◆ Extracted information
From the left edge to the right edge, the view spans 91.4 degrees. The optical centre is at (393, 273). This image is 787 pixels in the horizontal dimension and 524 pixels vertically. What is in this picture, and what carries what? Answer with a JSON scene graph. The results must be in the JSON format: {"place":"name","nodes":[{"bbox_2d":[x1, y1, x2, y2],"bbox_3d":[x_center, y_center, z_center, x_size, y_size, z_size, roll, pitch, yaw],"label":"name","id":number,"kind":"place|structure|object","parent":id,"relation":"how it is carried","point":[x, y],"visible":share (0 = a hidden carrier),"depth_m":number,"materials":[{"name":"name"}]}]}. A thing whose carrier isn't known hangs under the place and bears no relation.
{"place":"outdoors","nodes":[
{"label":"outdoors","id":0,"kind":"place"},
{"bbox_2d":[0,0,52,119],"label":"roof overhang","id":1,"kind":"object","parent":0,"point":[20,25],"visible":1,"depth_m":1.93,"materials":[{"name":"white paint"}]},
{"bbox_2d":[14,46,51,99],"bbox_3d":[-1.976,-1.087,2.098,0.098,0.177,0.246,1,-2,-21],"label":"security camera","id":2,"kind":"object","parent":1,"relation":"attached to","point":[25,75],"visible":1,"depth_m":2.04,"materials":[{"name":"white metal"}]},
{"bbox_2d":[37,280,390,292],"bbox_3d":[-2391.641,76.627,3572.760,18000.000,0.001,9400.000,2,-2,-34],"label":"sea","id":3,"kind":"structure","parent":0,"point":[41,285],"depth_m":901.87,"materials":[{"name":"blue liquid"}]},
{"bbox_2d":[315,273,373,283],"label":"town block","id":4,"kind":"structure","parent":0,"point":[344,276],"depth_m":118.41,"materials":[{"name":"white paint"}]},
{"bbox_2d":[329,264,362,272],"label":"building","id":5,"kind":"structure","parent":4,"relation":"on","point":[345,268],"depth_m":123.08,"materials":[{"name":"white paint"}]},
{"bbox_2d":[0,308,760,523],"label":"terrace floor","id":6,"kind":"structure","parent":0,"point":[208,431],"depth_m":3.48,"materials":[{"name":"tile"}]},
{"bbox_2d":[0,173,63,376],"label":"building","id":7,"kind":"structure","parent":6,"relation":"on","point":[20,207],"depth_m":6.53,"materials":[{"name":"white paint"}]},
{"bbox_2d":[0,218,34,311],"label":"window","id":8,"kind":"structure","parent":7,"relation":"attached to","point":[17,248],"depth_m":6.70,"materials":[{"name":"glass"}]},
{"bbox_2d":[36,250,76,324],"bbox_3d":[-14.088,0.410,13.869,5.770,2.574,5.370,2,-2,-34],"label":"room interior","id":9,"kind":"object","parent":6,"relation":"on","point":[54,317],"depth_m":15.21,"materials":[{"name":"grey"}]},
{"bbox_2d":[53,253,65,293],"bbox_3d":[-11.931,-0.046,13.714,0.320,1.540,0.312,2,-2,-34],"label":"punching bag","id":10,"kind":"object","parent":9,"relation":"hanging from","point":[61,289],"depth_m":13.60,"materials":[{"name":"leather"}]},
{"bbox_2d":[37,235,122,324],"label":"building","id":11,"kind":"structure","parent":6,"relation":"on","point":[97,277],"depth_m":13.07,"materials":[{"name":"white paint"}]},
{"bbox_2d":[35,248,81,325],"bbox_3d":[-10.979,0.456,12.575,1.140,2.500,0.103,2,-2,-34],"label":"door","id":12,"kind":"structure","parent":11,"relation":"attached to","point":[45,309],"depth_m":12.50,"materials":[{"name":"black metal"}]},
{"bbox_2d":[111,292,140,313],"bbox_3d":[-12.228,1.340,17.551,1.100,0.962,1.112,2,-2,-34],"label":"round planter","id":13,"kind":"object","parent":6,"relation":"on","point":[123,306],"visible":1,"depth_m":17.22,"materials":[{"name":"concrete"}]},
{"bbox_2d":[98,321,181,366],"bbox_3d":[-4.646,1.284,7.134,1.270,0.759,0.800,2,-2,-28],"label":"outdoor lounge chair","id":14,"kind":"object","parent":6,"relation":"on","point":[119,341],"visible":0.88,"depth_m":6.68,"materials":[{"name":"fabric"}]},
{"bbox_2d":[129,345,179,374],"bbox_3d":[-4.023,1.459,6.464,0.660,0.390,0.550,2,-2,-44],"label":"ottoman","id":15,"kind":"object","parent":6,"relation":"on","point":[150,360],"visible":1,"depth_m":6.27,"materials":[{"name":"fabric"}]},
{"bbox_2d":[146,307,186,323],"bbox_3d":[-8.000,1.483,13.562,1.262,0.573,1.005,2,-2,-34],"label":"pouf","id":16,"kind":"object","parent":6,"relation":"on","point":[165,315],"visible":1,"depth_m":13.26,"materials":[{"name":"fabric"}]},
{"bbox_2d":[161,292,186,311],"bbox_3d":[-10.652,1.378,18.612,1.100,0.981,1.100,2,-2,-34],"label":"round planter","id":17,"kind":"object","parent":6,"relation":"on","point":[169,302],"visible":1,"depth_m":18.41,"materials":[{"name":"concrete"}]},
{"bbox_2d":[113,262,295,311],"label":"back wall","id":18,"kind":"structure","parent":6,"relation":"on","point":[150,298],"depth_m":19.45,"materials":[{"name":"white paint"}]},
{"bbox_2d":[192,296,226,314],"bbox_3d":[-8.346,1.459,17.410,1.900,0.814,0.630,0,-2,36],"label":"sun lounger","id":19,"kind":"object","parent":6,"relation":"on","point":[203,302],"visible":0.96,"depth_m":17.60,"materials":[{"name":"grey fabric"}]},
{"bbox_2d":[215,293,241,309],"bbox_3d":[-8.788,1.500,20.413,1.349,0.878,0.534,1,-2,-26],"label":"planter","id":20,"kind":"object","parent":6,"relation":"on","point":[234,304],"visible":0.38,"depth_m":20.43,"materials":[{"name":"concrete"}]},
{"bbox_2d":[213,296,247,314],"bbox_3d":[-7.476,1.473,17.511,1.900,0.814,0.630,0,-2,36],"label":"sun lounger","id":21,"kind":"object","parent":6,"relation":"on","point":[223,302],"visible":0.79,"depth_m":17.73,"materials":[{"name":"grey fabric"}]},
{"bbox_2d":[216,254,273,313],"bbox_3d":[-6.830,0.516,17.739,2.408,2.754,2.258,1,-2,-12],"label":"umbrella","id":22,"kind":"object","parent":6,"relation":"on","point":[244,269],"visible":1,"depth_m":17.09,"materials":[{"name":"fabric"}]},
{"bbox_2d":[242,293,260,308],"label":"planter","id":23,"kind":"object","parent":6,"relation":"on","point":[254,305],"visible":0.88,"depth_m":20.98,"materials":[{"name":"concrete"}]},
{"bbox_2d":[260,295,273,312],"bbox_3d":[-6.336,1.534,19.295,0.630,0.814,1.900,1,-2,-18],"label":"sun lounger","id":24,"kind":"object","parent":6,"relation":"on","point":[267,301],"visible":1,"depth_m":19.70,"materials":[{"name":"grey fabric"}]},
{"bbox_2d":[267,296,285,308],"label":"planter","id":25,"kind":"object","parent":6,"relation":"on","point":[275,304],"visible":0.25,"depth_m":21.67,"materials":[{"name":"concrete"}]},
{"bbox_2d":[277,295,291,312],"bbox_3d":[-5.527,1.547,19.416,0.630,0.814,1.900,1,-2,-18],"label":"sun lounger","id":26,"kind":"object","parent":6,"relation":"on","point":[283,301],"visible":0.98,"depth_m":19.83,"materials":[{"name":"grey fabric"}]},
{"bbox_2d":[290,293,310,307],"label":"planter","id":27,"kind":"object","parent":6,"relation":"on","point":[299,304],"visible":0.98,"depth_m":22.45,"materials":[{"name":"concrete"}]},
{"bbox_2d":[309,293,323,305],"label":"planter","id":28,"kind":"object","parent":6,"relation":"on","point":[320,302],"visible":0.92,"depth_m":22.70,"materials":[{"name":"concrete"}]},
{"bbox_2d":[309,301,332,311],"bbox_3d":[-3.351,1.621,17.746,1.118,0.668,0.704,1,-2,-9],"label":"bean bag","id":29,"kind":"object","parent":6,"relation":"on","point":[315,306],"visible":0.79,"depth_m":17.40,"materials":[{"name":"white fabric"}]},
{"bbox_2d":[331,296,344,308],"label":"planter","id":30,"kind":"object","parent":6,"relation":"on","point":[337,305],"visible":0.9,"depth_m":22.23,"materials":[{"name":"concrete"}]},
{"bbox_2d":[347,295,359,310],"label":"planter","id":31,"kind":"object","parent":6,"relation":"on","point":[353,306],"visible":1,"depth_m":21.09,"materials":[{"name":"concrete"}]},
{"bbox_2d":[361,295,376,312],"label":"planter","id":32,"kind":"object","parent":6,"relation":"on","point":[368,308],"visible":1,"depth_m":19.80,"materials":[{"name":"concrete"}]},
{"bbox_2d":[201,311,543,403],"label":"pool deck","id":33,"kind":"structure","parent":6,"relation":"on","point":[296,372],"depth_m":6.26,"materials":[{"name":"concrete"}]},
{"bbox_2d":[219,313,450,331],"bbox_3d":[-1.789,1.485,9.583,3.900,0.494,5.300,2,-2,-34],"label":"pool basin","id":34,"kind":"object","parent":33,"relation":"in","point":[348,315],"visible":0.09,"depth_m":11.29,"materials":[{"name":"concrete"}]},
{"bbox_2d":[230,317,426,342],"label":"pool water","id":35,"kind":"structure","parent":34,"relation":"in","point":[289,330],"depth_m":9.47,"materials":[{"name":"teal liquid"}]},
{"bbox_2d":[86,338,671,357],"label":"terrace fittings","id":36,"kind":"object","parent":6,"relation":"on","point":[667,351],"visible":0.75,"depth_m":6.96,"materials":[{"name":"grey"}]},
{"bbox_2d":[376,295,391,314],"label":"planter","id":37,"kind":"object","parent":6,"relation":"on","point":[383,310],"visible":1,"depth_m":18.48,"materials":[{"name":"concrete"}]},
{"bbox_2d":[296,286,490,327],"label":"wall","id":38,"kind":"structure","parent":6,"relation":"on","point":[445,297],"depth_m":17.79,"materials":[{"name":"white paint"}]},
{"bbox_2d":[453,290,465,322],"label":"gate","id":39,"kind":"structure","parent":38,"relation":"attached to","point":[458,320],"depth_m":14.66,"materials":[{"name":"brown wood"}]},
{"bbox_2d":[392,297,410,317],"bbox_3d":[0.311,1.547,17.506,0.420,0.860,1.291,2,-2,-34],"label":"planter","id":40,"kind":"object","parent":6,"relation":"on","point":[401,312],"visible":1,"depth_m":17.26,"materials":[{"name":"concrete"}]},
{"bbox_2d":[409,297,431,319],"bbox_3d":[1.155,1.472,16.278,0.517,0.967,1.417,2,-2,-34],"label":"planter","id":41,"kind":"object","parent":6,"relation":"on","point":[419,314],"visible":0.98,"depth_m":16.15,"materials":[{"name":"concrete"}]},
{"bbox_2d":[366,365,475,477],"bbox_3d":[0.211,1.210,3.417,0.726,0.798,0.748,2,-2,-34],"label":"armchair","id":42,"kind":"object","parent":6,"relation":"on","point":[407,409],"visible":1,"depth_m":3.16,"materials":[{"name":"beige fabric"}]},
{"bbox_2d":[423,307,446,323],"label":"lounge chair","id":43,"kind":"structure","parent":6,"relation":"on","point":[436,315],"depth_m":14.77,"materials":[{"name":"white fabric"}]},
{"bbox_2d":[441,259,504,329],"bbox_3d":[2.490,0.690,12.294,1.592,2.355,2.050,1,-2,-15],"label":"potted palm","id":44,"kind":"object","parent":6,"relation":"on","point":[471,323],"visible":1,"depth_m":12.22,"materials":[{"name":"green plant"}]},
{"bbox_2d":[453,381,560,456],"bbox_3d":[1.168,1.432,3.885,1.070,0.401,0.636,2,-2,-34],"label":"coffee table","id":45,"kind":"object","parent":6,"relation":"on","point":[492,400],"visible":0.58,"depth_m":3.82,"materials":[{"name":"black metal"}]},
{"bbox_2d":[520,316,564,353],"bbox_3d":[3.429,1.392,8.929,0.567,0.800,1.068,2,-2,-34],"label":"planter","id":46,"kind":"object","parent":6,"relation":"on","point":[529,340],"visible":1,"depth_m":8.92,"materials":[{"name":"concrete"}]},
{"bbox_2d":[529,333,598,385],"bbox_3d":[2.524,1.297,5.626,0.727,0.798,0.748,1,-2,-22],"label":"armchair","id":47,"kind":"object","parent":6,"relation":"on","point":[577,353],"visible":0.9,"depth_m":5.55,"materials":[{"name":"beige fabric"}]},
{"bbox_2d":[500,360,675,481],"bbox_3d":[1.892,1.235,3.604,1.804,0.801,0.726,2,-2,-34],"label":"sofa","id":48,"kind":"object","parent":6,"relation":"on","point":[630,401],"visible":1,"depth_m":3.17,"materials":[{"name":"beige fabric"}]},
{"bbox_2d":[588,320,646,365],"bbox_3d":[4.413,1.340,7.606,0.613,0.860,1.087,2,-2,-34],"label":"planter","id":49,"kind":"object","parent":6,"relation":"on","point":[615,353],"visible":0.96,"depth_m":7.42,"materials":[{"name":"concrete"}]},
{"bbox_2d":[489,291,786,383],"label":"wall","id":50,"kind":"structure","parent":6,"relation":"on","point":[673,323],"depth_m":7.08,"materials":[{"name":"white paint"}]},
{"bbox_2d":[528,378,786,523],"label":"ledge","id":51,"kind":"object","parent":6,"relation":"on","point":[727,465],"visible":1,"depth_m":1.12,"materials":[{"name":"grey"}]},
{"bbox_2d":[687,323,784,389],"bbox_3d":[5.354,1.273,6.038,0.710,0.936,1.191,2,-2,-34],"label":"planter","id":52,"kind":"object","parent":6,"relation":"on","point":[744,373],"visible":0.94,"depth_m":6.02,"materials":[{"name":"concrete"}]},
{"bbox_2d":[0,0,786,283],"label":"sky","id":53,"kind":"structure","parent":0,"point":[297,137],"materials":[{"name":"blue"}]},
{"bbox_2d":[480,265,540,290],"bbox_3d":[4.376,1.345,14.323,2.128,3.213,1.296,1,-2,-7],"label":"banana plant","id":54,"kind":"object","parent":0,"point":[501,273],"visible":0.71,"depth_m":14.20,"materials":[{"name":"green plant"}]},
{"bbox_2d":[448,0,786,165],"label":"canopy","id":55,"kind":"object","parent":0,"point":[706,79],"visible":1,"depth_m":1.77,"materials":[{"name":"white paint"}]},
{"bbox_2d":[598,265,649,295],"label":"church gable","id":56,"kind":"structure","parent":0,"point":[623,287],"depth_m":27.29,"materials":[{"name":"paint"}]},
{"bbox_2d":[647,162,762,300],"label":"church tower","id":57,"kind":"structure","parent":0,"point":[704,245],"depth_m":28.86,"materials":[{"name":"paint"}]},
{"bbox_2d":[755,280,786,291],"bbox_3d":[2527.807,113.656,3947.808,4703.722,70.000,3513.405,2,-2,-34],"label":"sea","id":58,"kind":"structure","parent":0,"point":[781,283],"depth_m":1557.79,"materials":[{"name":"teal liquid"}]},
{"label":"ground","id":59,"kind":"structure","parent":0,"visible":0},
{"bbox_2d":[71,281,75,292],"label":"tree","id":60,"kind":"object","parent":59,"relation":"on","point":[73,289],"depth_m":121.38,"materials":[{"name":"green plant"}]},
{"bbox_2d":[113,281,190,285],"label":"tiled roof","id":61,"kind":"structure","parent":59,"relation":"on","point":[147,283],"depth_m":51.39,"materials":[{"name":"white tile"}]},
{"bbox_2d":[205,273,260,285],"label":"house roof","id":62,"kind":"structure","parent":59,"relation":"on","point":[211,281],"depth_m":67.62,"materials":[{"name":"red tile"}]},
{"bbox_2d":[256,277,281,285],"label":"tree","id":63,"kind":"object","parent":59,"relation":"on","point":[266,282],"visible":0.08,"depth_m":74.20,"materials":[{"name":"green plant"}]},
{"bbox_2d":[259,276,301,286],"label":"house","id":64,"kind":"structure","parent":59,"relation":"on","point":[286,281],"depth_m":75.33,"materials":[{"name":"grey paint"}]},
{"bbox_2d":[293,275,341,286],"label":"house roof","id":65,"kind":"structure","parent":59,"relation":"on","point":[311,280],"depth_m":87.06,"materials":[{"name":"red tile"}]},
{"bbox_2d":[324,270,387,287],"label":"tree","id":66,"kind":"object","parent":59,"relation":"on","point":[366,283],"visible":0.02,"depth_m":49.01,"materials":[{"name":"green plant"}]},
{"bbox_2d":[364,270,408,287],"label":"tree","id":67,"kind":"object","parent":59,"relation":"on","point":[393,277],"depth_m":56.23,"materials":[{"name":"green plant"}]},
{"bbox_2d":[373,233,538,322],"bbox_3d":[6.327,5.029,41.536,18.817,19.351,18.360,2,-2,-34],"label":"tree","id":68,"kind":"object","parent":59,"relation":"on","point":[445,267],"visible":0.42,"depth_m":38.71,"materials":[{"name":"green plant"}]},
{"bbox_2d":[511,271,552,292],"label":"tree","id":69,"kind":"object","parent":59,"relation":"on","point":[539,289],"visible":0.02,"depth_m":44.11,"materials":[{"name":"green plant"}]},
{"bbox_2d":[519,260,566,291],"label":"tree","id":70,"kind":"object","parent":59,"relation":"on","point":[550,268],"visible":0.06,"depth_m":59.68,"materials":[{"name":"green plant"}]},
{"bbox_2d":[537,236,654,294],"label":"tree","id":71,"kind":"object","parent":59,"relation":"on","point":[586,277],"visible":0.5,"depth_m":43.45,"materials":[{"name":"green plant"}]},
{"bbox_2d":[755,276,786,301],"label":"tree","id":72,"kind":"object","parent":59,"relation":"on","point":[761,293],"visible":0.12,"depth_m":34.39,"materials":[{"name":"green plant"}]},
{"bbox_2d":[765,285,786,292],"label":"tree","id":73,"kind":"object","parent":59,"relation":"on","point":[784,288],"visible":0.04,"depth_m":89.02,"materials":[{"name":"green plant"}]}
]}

◆ Task brief
From the data above, show each line that contains "teal".

◆ Result of the exercise
{"bbox_2d":[230,317,426,342],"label":"pool water","id":35,"kind":"structure","parent":34,"relation":"in","point":[289,330],"depth_m":9.47,"materials":[{"name":"teal liquid"}]},
{"bbox_2d":[755,280,786,291],"bbox_3d":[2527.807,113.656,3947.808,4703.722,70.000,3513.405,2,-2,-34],"label":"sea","id":58,"kind":"structure","parent":0,"point":[781,283],"depth_m":1557.79,"materials":[{"name":"teal liquid"}]},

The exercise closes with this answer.